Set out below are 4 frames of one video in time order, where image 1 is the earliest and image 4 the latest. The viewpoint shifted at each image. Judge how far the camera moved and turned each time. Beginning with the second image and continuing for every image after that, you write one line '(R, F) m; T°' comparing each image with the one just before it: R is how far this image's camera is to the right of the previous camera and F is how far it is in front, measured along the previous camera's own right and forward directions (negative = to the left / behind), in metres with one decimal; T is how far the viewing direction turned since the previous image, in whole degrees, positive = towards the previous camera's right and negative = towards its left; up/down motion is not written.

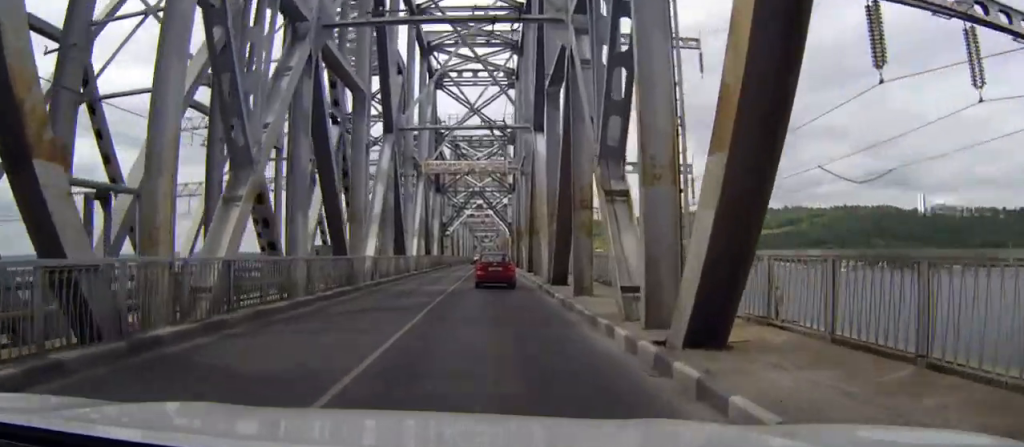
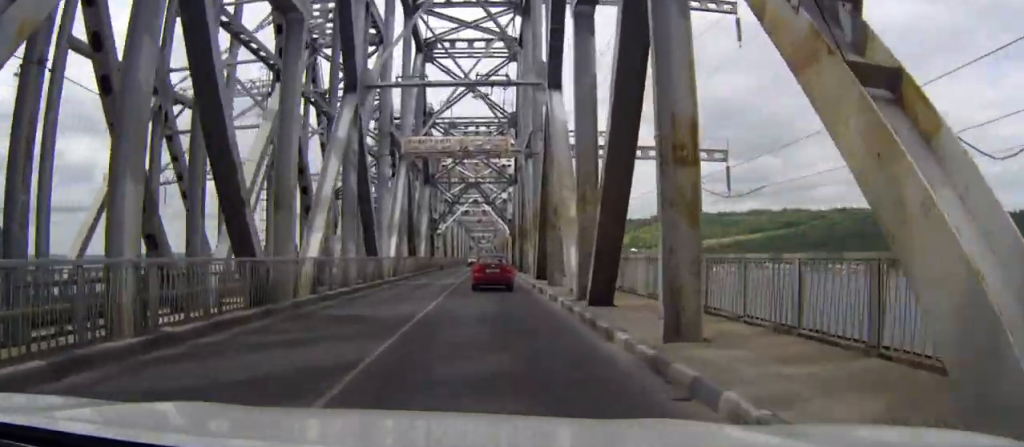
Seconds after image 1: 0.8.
(0.0, +11.6) m; 0°
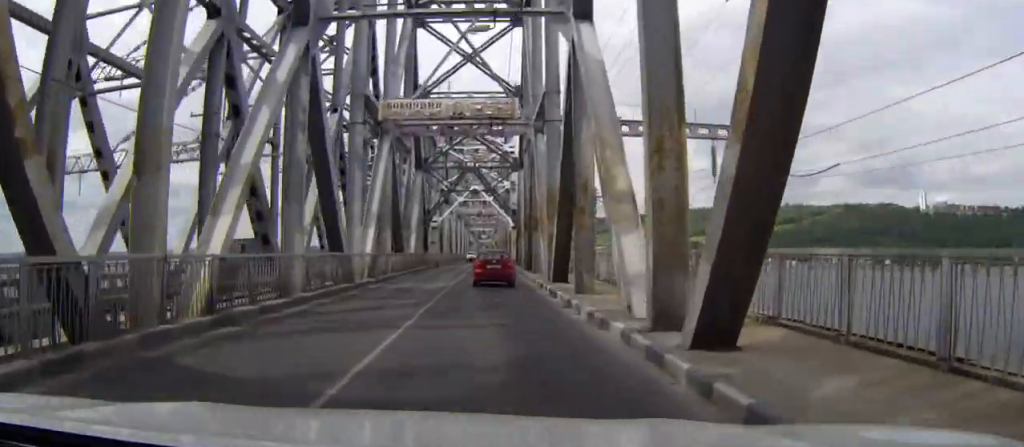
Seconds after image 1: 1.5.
(0.0, +9.3) m; 0°
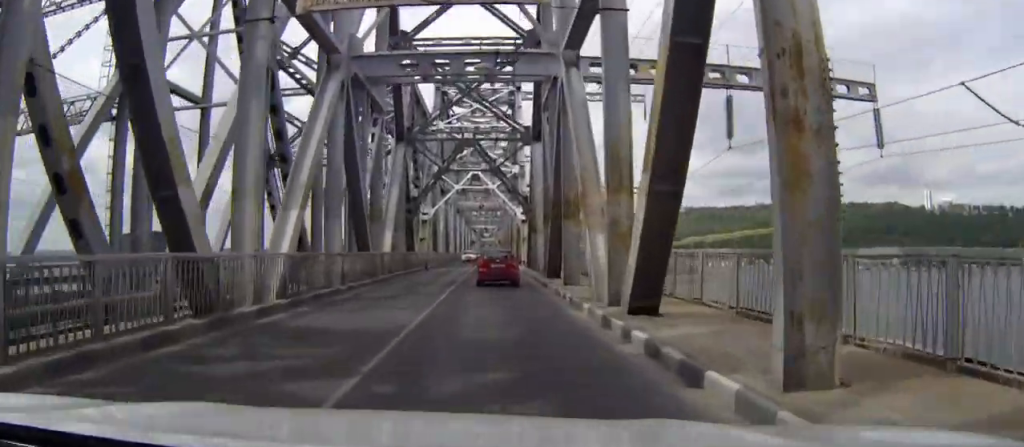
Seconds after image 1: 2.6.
(0.0, +15.7) m; 0°

+++

Assignment: The entries above are to be retyped exactly, with each picture left out.

Answer to this problem:
Set out below are 4 frames of one video in time order, where image 1 is the earliest and image 4 the latest. The viewpoint shifted at each image. Judge how far the camera moved and turned each time. Beginning with the second image and continuing for every image after that, you write one line '(R, F) m; T°' comparing each image with the one just before it: R is how far this image's camera is to the right of the previous camera and F is how far it is in front, measured along the previous camera's own right and forward directions (negative = to the left / behind), in metres with one decimal; T is how far the viewing direction turned since the previous image, in whole degrees, positive = towards the previous camera's right and negative = towards its left; up/down motion is not written.

Seconds after image 1: 0.8.
(0.0, +11.6) m; 0°
Seconds after image 1: 1.5.
(0.0, +9.3) m; 0°
Seconds after image 1: 2.6.
(0.0, +15.7) m; 0°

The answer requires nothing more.